For the Year ended 30 June 2009

17. ISSUED CAPItAL AND RESERvES - CONtINUED

(c) terms and conditions of issued capital

Ordinary Shares:

Ordinary shares have the right to receive dividends as declared and, in the event of winding up of the Company, to participate in the proceeds from the sale of all surplus assets in proportion to the number of and amounts paid up on shares held. Ordinary shares entitle their holder to one vote, either in person or by proxy, at a meeting of the Company.

Nature and purpose of reserves

Option Premium Reserve

The option premium reserve is used to record the fair value of options issued but not exercised. The reserve is transferred to accumulated losses upon expiry or recognised as share capital if exercised.
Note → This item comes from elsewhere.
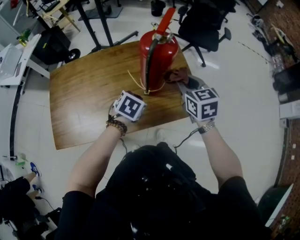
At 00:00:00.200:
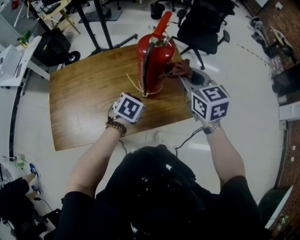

Foreign Currency Translation Reserve

The foreign currency translation reserve comprises all foreign exchange differences arising from the translation of the financial statements of foreign operations where their functional currency is different to the presentation currency of the reporting entity.

Financial Assets Reserve

The financial assets reserve is used to record fair value changes on available-for-sale investments.

18. ShARE-BASED PAyMENt PLANS

Employee Share Option Plan

In November 2005, the Company adopted the Perseus Mining Limited Employee Option Plan (“Plan”). The Plan is designed to provide incentives, assist in the recruitment, reward, retention of employees and provide opportunities for employees (both present and future) to participate directly in the equity of the Company. The contractual life of each option granted is three years. There are no cash settlement alternatives. The Plan does not allow for the issue of options to Directors of the Company.

Non Plan based payments

The Company also makes share-based payments to consultants and/or service providers from time to time, not under any specific plan.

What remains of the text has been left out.